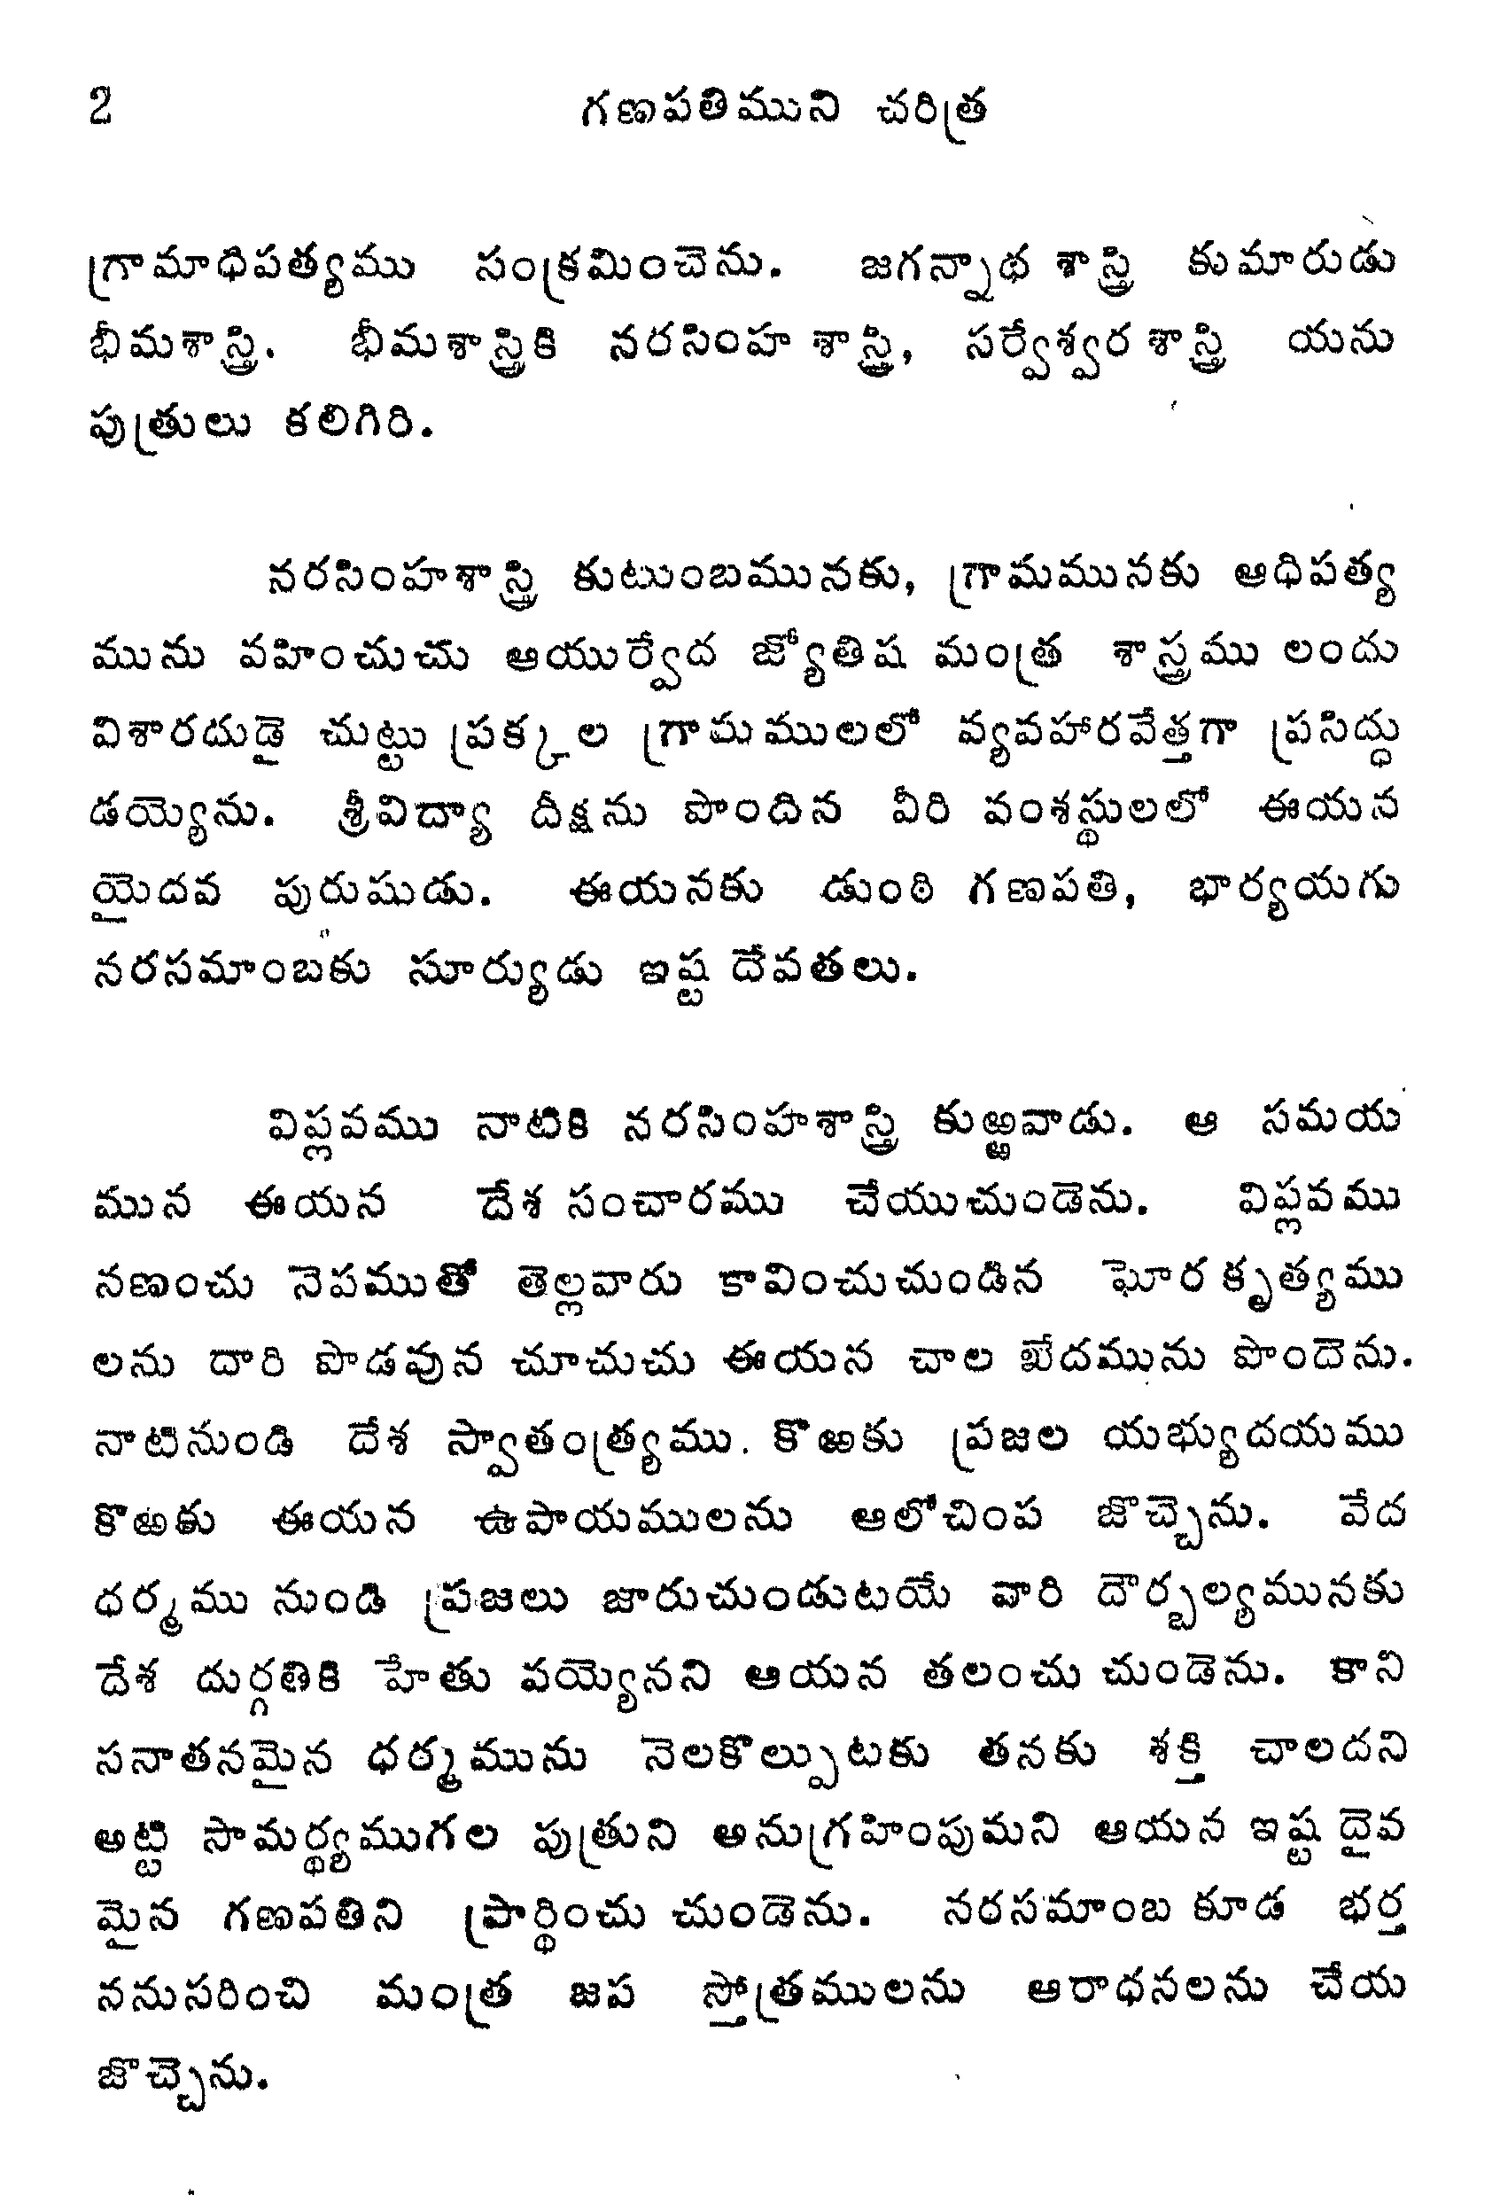గ్రామాధిపత్యము సంక్రమించెను. జగన్నాథ శాస్త్రి కుమారుడు భీమశాస్త్రి. భీమశాస్త్రికి నరసింహ శాస్త్రి, సర్వేశ్వర శాస్త్రి యను పుత్రులు కలిగిరి. 

నరసింహశాస్త్రి కుటుంబమునకు, గ్రామమునకు ఆధిపత్యమును వహించుచు ఆయుర్వేద జ్యోతిష మంత్ర శాస్త్రము లందు విశారదుడై చుట్టు ప్రక్కల గ్రామములలో వ్యవహారవేత్తగా ప్రసిద్ధుడయ్యెను. శ్రీవిద్యా దీక్షను పొందిన వీరి వంశస్థులలో ఈయన యైదవ పురుషుడు. ఈయనకు డుంఠి గణపతి, భార్యయగు నరసమాంబకు సూర్యుడు ఇష్ట దేవతలు.

విప్లవము నాటికి నరసింహశాస్త్రి కుఱ్ఱవాడు. ఆ సమయమున ఈయన దేశ సంచారము చేయుచుండెను. విప్లవము నణంచు నెపముతో తెల్లవారు కావించుచుండిన ఘోరకృత్యములను దారి పొడవున చూచుచు ఈయన చాల ఖేదమును పొందెను. నాటినుండి దేశ స్వాతంత్ర్యము కొఱకు ప్రజల యభ్యుదయము కొఱకు ఈయన ఉపాయములను ఆలోచింప జొచ్చెను. వేద దర్మము నుండి ప్రజలు జారుచుండుటయే వారి దౌర్బల్యమునకు దేశ దుర్గతికి హేతు వయ్యెనని ఆయన తలంచుచుండెను. కాని సనాతనమైన ధర్మమును నెలకొల్పుటకు తనకు శక్తి చాలదని అట్టి సామర్థ్యముగల పుత్రుని అనుగ్రహింపుమని ఆయన ఇష్టదైవమైన గణపతిని ప్రార్థించు చుండెను. నరసమాంబ కూడ భర్త ననుసరించి మంత్ర జప స్తోత్రములను ఆరాధనలను చేయ జొచ్చెను.
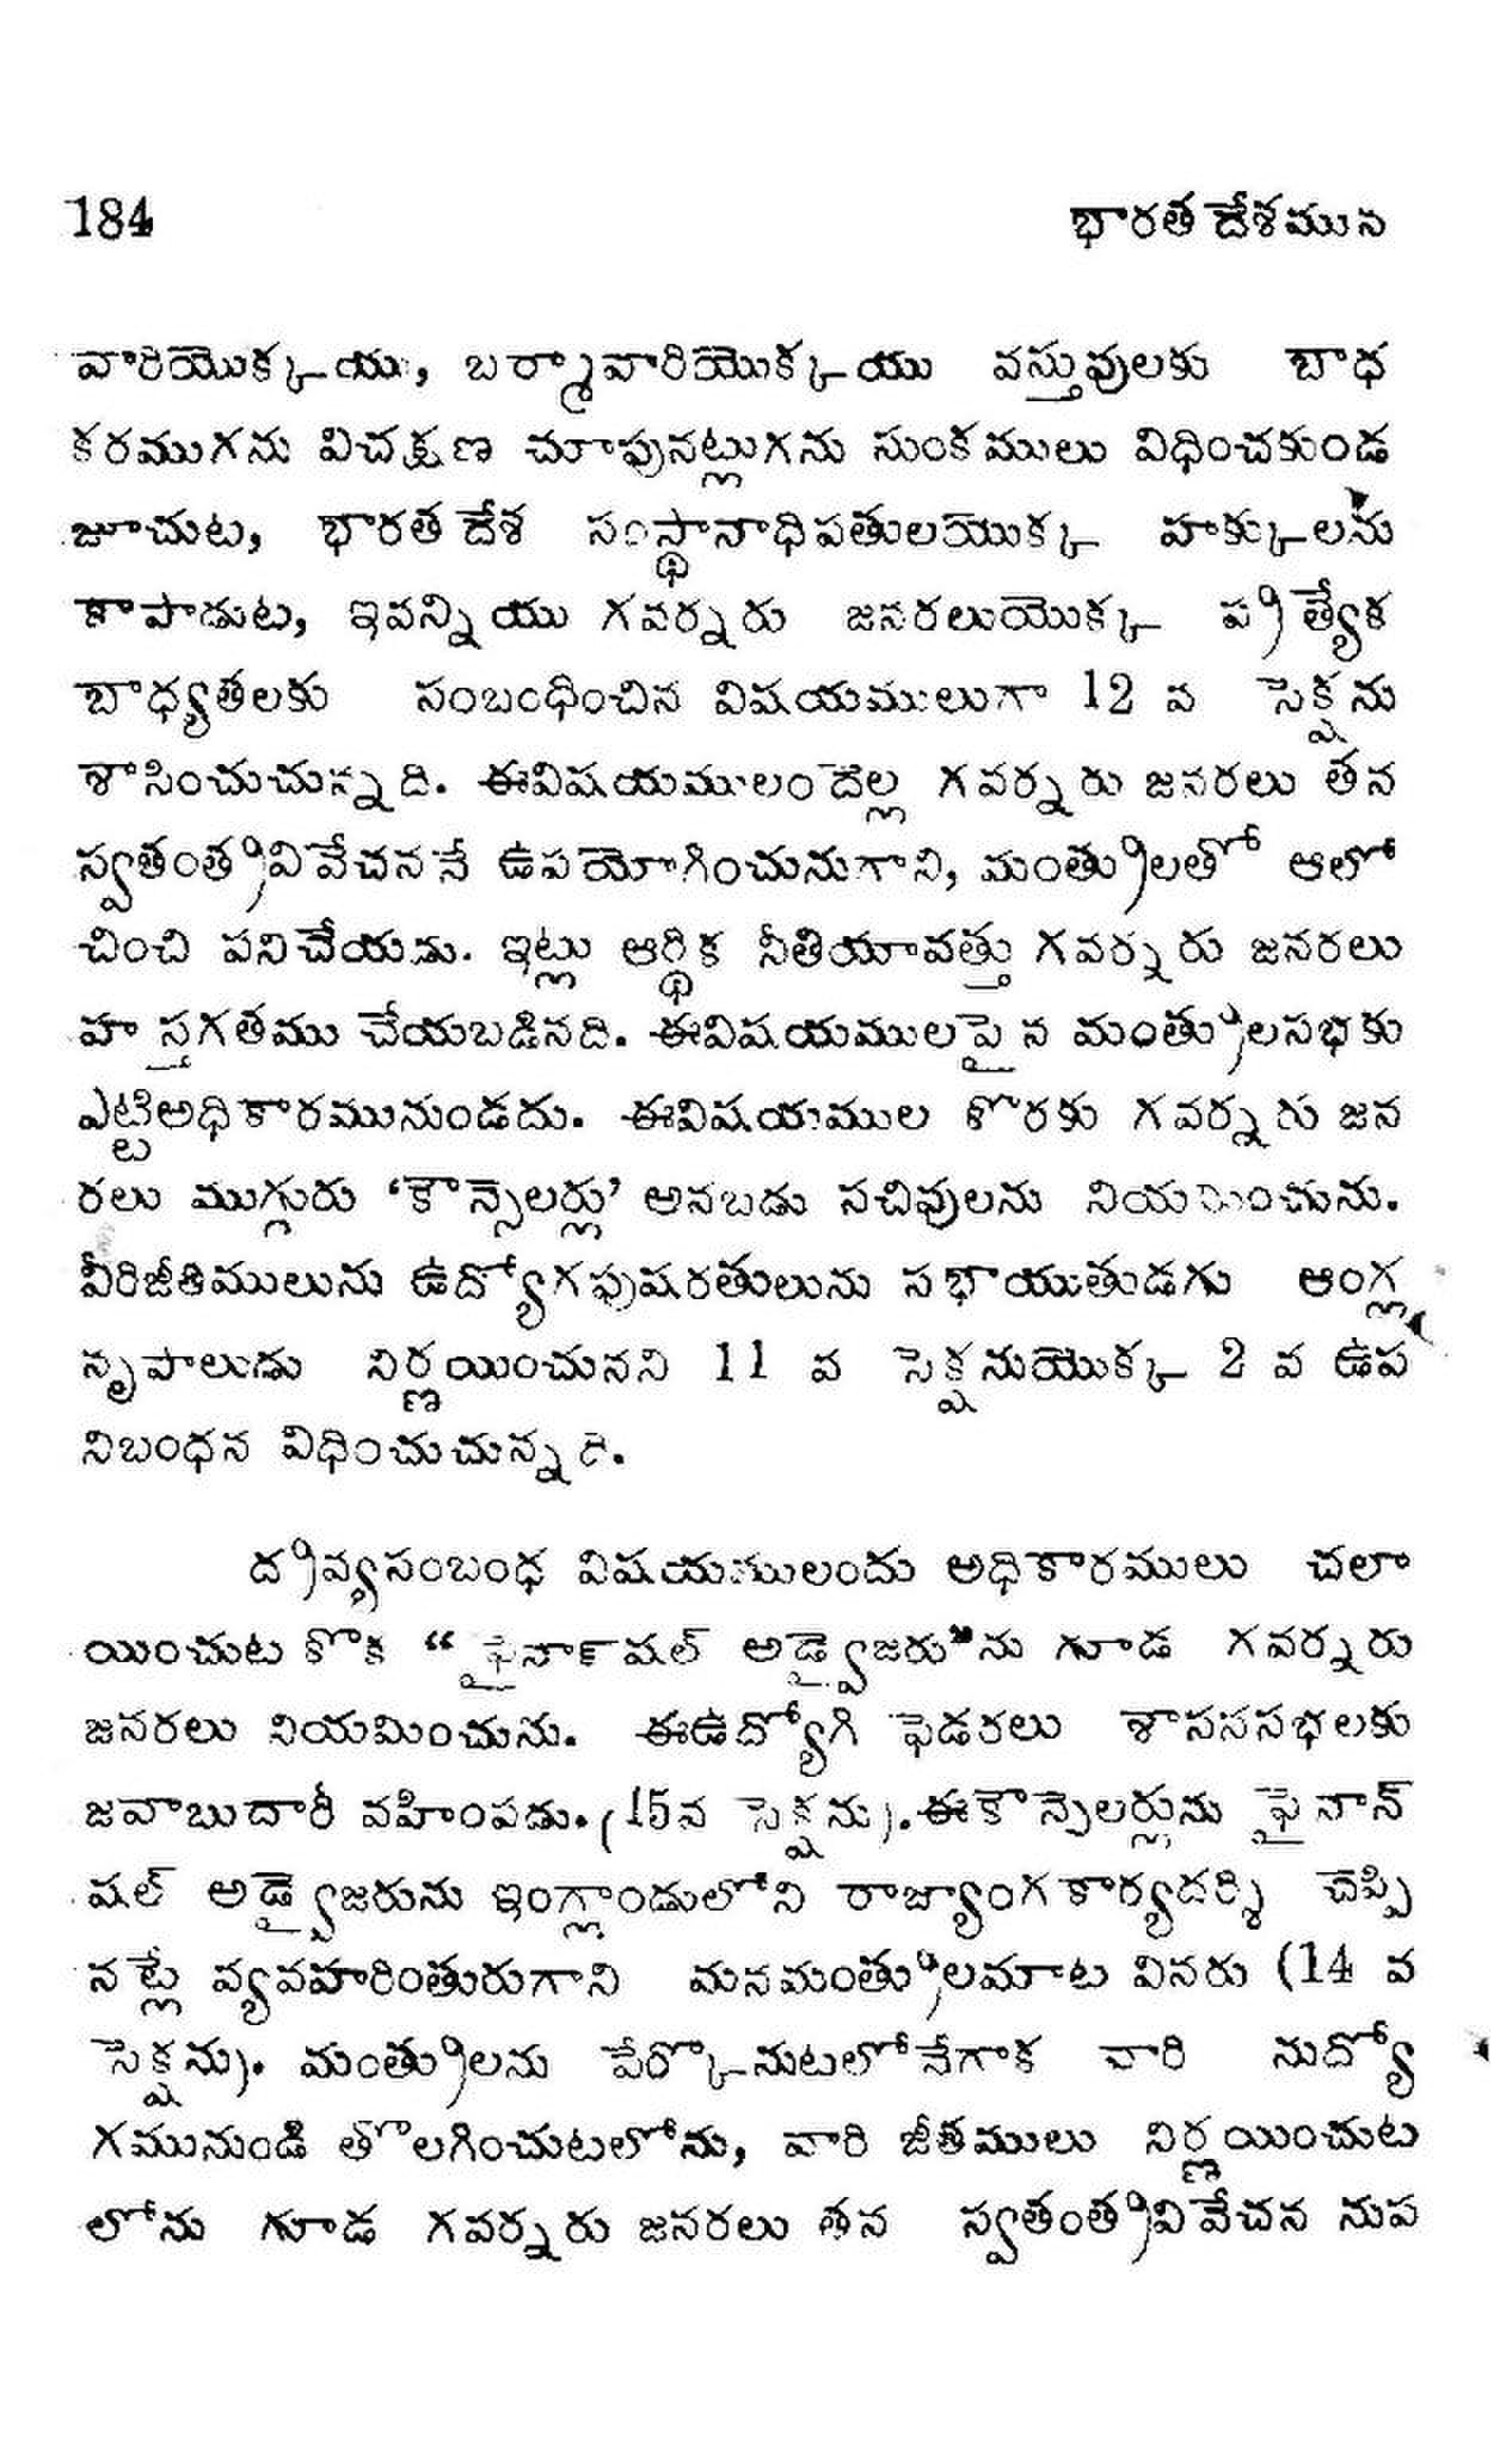వారియొక్కయు, బర్మావారియొక్కయు వస్తువులకు బాధకరముగను విచక్షణ చూపునట్లుగను సుంకములు విధించకుండ జూచుట, భారతదేశ సంస్థానాధిపతులయొక్క హక్కులను కాపాడుట, ఇవన్నియు గవర్నరు జనరలుయొక్క ప్రత్యేక బాధ్యతలకు సంబంధించిన విషయములుగా 12 వ సెక్షను శాసించుచున్నది. ఈ విషయములందెల్ల గవర్నరు జనరలు తన స్వతంత్రవివేచననే ఉపయోగించునుగాని, మంత్రులతో ఆలోచించి పనిచేయడు. ఇట్లు ఆర్థిక నీతియావత్తు గవర్నరు జనరలు హస్తగతము చేయబడినది. ఈ విషయములపైన మంత్రులసభకు ఎట్టిఅధికారమునుండదు. ఈవిషయముల కొరకు గవర్నరు జనరలు ముగ్గురు 'కౌన్సెలర్లు' అనబడు సచివులను నియమించును. వీరిజీతిములును ఉద్యోగఫుషరతులును సభాయుతుడగు ఆంగ్లనృపాలుడు నిర్ణయించునని 11 వ సెక్షనుయొక్క 2 వ ఉప నిబంధన విధించుచున్నది.

ద్రవ్యసంబంధ విషయములందు అధికారములు చలాయించుట కొక "ఫైనా౯షల్ అడ్వైజరు"ను గూడ గవర్నరు జనరలు నియమించును. ఈఉద్యోగి ఫెడరలు శాసనసభలకు జవాబుదారీ వహింపడు. ( 15వ సెక్షను ). ఈకౌన్సెలర్లును ఫైనాన్‌షల్ అడ్వైజరును ఇంగ్లాండులోని రాజ్యాంగకార్యదర్శి చెప్పినట్లే వ్యవహరింతురుగాని మనమంత్రులమాట వినరు (14 వ సెక్షను). మంత్రులను పేర్కొనుటలోనేగాక వారి నుద్యోగమునుండి తొలగించుటలోను, వారి జీతములు నిర్ణయించుటలోను గూడ గవర్నరు జనరలు తన స్వతంత్రవివేచన నుప
═══
What you will do: In the records above, find the line containing "నరసింహశాస్త్రి కుటుంబమునకు, గ్రామమునకు" and output every line from the first through that one, exactly, omitting pictures.

Exercise solution:
గ్రామాధిపత్యము సంక్రమించెను. జగన్నాథ శాస్త్రి కుమారుడు భీమశాస్త్రి. భీమశాస్త్రికి నరసింహ శాస్త్రి, సర్వేశ్వర శాస్త్రి యను పుత్రులు కలిగిరి. 

నరసింహశాస్త్రి కుటుంబమునకు, గ్రామమునకు ఆధిపత్యమును వహించుచు ఆయుర్వేద జ్యోతిష మంత్ర శాస్త్రము లందు విశారదుడై చుట్టు ప్రక్కల గ్రామములలో వ్యవహారవేత్తగా ప్రసిద్ధుడయ్యెను. శ్రీవిద్యా దీక్షను పొందిన వీరి వంశస్థులలో ఈయన యైదవ పురుషుడు. ఈయనకు డుంఠి గణపతి, భార్యయగు నరసమాంబకు సూర్యుడు ఇష్ట దేవతలు.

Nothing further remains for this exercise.